### Problem
Please repeat, from the entries that follow, the lines from the one containing "#742=VERTEX_POINT('',#741);" through the one containing "#779=ORIENTED_EDGE('',*,*,#778,.T.);" exactly, adding nothing.

### Source data

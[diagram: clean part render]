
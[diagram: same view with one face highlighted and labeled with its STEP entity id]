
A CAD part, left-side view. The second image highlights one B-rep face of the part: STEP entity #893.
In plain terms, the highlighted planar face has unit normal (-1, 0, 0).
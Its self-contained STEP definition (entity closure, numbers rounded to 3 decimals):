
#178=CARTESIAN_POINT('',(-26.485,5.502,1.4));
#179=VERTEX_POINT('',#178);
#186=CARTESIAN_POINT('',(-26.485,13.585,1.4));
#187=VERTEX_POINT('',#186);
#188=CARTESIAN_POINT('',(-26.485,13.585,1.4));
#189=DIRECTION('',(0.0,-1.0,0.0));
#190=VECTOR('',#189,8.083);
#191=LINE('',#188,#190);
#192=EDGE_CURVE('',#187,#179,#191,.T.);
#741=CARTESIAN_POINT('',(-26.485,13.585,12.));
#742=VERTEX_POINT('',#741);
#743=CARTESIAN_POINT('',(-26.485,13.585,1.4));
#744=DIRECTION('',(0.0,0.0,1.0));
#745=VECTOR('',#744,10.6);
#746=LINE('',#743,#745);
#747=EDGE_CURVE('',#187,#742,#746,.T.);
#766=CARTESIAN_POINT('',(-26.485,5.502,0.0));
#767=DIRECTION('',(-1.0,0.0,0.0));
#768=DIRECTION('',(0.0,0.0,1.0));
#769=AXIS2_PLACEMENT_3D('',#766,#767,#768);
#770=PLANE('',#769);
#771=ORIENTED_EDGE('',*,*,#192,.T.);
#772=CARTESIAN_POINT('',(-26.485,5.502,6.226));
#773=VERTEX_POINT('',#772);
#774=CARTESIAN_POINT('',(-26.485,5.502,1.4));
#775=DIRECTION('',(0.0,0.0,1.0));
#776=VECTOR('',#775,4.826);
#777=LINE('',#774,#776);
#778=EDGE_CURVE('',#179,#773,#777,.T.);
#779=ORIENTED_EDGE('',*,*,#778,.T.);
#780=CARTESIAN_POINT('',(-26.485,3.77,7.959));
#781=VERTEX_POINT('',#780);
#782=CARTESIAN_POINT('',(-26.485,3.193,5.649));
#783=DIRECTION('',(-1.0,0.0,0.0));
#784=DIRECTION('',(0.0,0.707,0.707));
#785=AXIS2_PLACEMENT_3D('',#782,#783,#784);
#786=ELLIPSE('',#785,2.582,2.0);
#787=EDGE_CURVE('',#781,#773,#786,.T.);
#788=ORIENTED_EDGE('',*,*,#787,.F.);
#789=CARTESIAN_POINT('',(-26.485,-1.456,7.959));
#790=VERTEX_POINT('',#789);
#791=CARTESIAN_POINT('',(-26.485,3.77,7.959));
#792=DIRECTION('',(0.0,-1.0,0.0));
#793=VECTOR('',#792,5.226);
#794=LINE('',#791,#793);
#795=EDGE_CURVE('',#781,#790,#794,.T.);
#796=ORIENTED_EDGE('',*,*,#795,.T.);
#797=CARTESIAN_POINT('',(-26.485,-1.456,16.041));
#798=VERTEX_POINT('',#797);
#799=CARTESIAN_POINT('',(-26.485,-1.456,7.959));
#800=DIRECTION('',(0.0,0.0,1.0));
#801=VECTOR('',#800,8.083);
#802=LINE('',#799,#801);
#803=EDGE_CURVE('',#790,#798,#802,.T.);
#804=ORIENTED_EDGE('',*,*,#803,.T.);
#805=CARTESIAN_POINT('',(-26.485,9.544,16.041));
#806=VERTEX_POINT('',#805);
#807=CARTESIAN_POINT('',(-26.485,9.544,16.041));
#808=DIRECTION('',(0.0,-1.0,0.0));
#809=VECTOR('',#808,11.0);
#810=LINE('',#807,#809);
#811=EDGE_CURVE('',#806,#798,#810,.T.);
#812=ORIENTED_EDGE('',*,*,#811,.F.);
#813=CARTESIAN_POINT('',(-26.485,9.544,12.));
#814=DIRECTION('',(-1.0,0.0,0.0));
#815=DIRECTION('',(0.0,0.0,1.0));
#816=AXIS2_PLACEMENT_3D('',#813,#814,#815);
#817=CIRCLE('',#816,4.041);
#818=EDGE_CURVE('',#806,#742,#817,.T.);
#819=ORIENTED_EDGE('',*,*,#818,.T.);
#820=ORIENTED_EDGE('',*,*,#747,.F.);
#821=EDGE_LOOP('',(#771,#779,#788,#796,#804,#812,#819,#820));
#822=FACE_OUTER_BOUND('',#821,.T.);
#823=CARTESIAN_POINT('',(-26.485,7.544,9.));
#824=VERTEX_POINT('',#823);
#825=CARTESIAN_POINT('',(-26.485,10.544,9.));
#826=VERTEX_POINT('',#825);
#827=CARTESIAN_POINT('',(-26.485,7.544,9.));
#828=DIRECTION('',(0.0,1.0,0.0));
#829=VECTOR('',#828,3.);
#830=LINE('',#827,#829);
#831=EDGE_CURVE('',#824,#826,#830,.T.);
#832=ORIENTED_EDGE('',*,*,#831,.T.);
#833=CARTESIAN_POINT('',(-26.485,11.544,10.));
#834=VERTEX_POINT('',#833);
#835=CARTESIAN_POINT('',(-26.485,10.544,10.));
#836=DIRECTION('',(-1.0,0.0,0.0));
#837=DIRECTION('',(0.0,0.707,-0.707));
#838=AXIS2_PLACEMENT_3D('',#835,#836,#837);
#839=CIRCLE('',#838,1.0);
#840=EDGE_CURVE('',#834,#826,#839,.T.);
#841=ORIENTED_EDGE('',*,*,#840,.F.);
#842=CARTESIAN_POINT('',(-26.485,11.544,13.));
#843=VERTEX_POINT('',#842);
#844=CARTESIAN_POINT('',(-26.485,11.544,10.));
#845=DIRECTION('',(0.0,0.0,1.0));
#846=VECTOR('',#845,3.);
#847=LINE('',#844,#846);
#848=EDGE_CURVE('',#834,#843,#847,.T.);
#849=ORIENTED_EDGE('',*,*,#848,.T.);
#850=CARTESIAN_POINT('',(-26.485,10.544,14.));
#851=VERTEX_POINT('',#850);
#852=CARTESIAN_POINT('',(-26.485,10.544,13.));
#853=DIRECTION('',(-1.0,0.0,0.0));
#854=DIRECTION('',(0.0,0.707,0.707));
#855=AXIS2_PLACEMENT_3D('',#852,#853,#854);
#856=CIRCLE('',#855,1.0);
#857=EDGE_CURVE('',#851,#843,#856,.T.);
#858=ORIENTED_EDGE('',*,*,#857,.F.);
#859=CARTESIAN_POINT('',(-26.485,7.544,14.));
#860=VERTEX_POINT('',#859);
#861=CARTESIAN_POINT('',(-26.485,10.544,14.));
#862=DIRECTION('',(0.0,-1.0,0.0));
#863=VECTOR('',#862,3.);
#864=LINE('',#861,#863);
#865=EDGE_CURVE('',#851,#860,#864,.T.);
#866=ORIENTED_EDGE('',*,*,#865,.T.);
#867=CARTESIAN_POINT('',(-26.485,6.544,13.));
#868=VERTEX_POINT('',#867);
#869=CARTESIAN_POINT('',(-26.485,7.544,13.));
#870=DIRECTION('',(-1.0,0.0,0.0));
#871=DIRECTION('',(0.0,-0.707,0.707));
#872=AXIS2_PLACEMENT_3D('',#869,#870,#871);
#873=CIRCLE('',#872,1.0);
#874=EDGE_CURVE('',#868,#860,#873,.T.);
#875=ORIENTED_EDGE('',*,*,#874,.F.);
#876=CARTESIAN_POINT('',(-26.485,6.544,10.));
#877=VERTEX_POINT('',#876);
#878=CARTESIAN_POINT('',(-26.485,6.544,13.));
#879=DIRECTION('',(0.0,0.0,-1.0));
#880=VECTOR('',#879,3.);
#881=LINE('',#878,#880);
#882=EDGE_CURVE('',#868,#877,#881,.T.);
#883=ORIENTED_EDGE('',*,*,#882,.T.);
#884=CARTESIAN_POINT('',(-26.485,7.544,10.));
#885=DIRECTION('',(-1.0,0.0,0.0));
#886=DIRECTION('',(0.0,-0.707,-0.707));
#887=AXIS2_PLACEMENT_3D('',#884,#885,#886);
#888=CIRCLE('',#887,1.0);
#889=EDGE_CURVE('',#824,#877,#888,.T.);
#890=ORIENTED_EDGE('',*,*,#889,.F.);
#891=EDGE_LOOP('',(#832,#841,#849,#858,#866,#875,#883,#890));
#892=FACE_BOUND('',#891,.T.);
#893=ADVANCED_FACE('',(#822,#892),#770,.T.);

### Exercise result
#742=VERTEX_POINT('',#741);
#743=CARTESIAN_POINT('',(-26.485,13.585,1.4));
#744=DIRECTION('',(0.0,0.0,1.0));
#745=VECTOR('',#744,10.6);
#746=LINE('',#743,#745);
#747=EDGE_CURVE('',#187,#742,#746,.T.);
#766=CARTESIAN_POINT('',(-26.485,5.502,0.0));
#767=DIRECTION('',(-1.0,0.0,0.0));
#768=DIRECTION('',(0.0,0.0,1.0));
#769=AXIS2_PLACEMENT_3D('',#766,#767,#768);
#770=PLANE('',#769);
#771=ORIENTED_EDGE('',*,*,#192,.T.);
#772=CARTESIAN_POINT('',(-26.485,5.502,6.226));
#773=VERTEX_POINT('',#772);
#774=CARTESIAN_POINT('',(-26.485,5.502,1.4));
#775=DIRECTION('',(0.0,0.0,1.0));
#776=VECTOR('',#775,4.826);
#777=LINE('',#774,#776);
#778=EDGE_CURVE('',#179,#773,#777,.T.);
#779=ORIENTED_EDGE('',*,*,#778,.T.);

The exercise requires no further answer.